## TASK MATERIAL
================

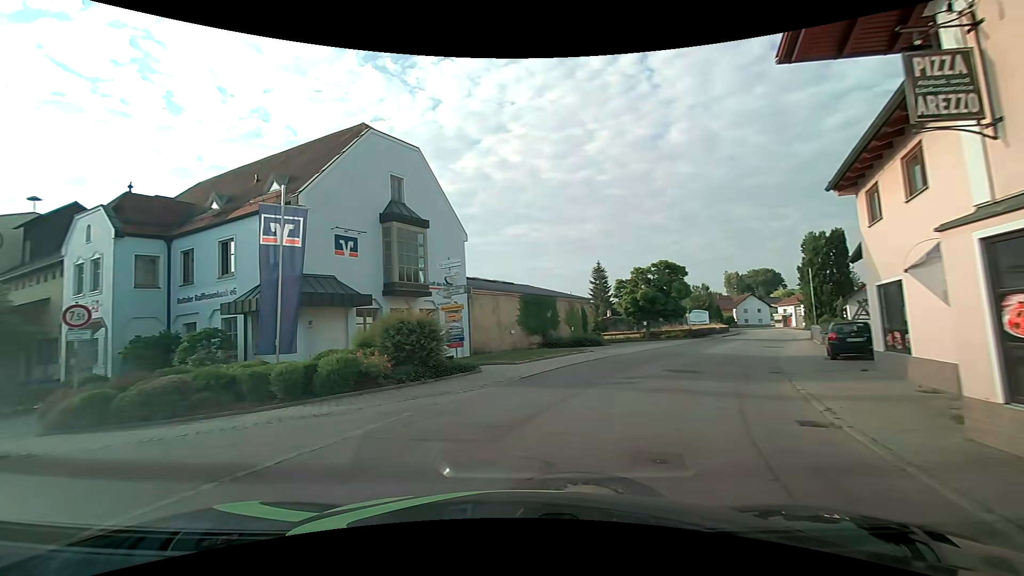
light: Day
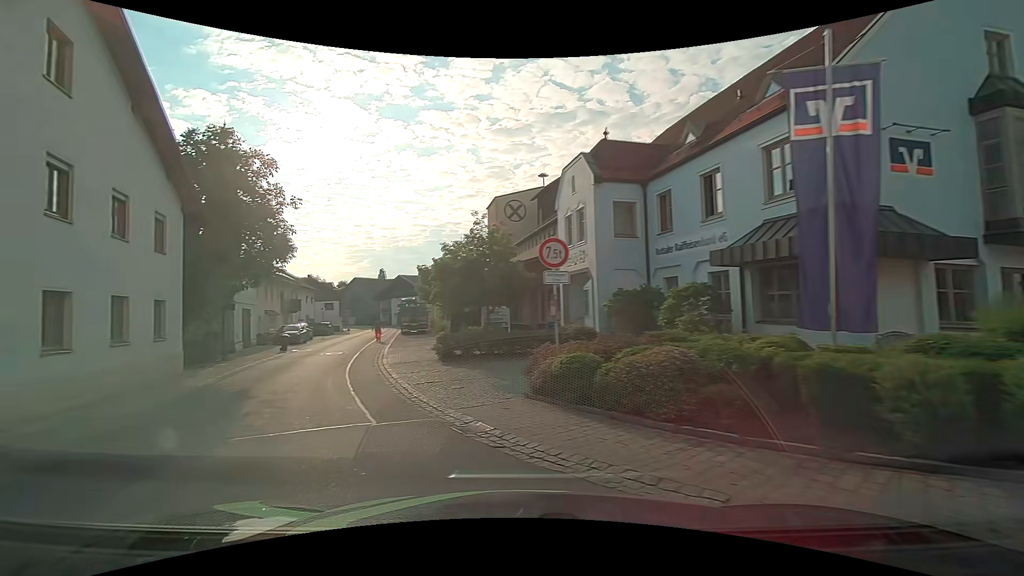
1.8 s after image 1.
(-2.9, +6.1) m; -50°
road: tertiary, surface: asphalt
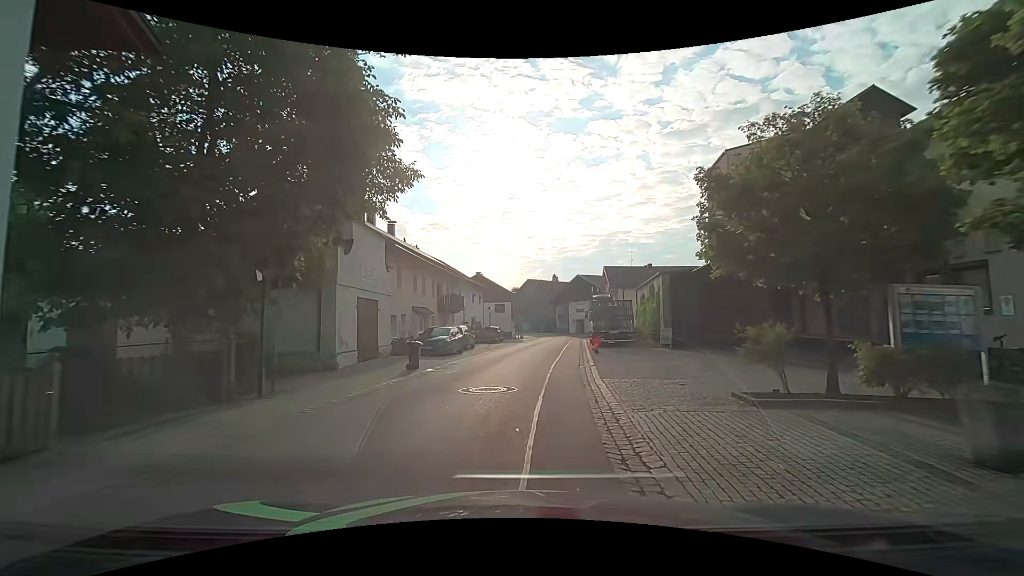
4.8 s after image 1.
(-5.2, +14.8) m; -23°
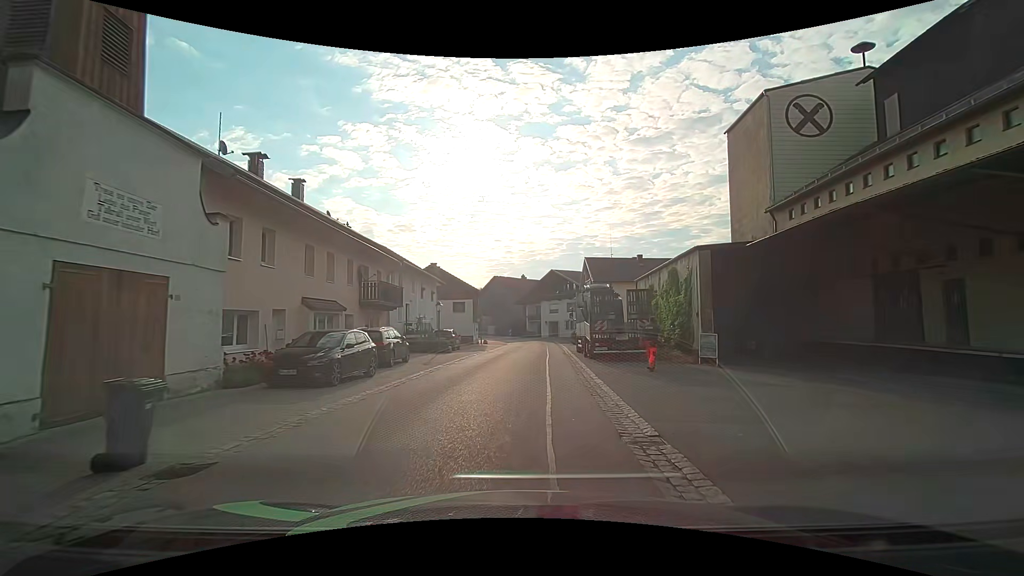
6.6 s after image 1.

================

## DESCRIPTION OF THE TASK
Each record needs to be reproduced exactly, and no image should be carried over.

## RESPONSE AREA
light: Day
1.8 s after image 1.
(-2.9, +6.1) m; -50°
road: tertiary, surface: asphalt
4.8 s after image 1.
(-5.2, +14.8) m; -23°
6.6 s after image 1.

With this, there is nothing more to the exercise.